== Data extract ==
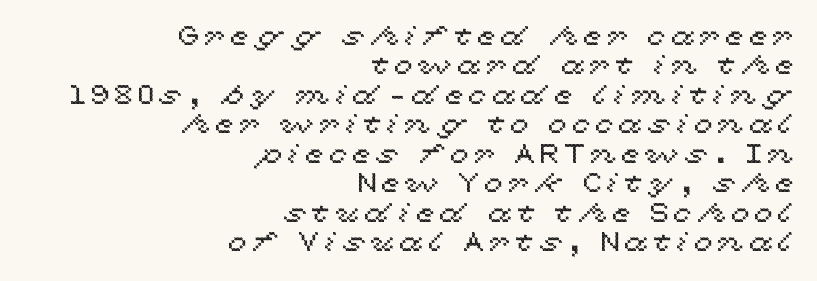
{"underline": "no", "align": "right", "line_spacing": "tight", "line_spacing_ratio": 1.09, "glyph_px": 27}
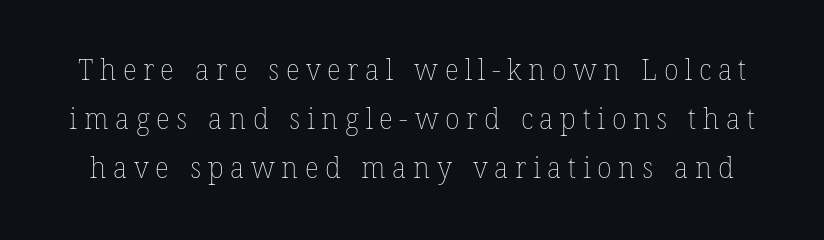
The face used here is rendered with a markedly widened letterfit. Weight class: somewhere from thin through regular. One glance says typical: line gaps are just what's usual. Nobody drew a line under any word here. Do the characters align in a grid? No, the font is proportional.
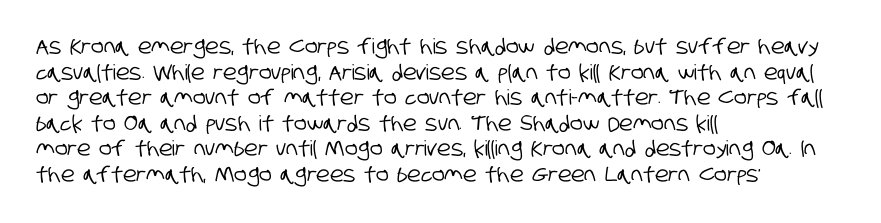
The image shows 21 px text type; set left-aligned, line spacing 1.22x, normal letter spacing, not underlined.
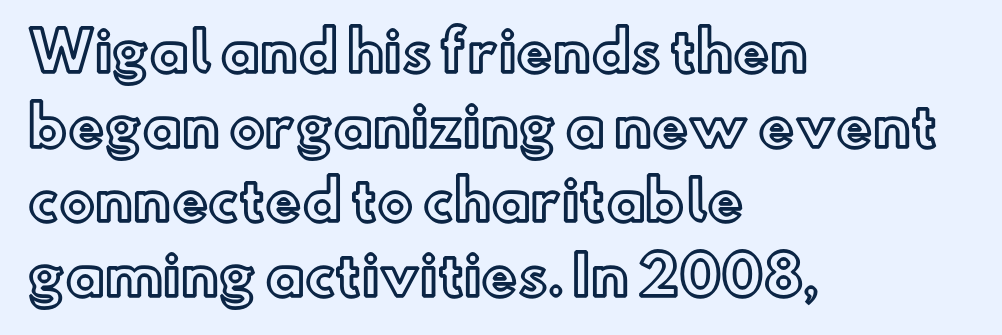
{"italic": "no", "width": "normal", "x_height": "small", "monospaced": "no", "underline": "no", "align": "left", "line_spacing": "normal", "line_spacing_ratio": 1.38, "letter_spacing": "normal", "letter_spacing_em": 0.0, "glyph_px": 54}
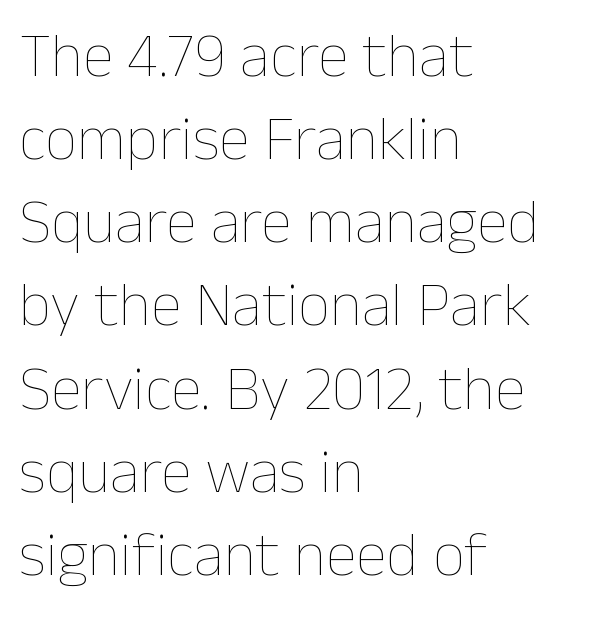
Q: Is the text bold? A: No.
Q: Is the text italic (slanted)? A: No, it is upright.
Q: Is the text underlined? A: No.
Q: How is the paragraph aligned? A: Left-aligned.
Q: Is the spacing between letters normal or unusually wide? A: Normal.
Q: Is the spacing between lines tight, normal or loose? A: Normal.
Q: Width (condensed, normal, or wide)? A: Normal.
Q: Stroke contrast? A: Low.
Q: x-height? A: Medium.
Q: Monospaced? A: No.
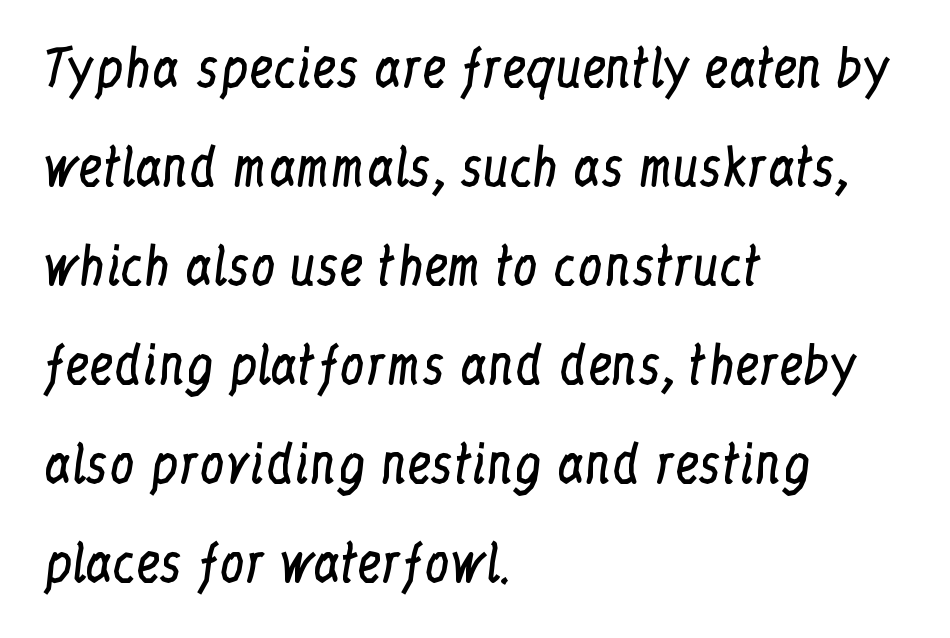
===
**Task requirements**
An exact repetition of the listing is needed, with the pictures dropped.

**Completed exercise**
{"underline": "no", "align": "right", "line_spacing": "tight", "line_spacing_ratio": 1.09, "glyph_px": 27}
The face used here is rendered with a markedly widened letterfit. Weight class: somewhere from thin through regular. One glance says typical: line gaps are just what's usual. Nobody drew a line under any word here. Do the characters align in a grid? No, the font is proportional.
The image shows 21 px text type; set left-aligned, line spacing 1.22x, normal letter spacing, not underlined.
{"italic": "no", "width": "normal", "x_height": "small", "monospaced": "no", "underline": "no", "align": "left", "line_spacing": "normal", "line_spacing_ratio": 1.38, "letter_spacing": "normal", "letter_spacing_em": 0.0, "glyph_px": 54}
Q: Is the text bold? A: No.
Q: Is the text italic (slanted)? A: No, it is upright.
Q: Is the text underlined? A: No.
Q: How is the paragraph aligned? A: Left-aligned.
Q: Is the spacing between letters normal or unusually wide? A: Normal.
Q: Is the spacing between lines tight, normal or loose? A: Normal.
Q: Width (condensed, normal, or wide)? A: Normal.
Q: Stroke contrast? A: Low.
Q: x-height? A: Medium.
Q: Monospaced? A: No.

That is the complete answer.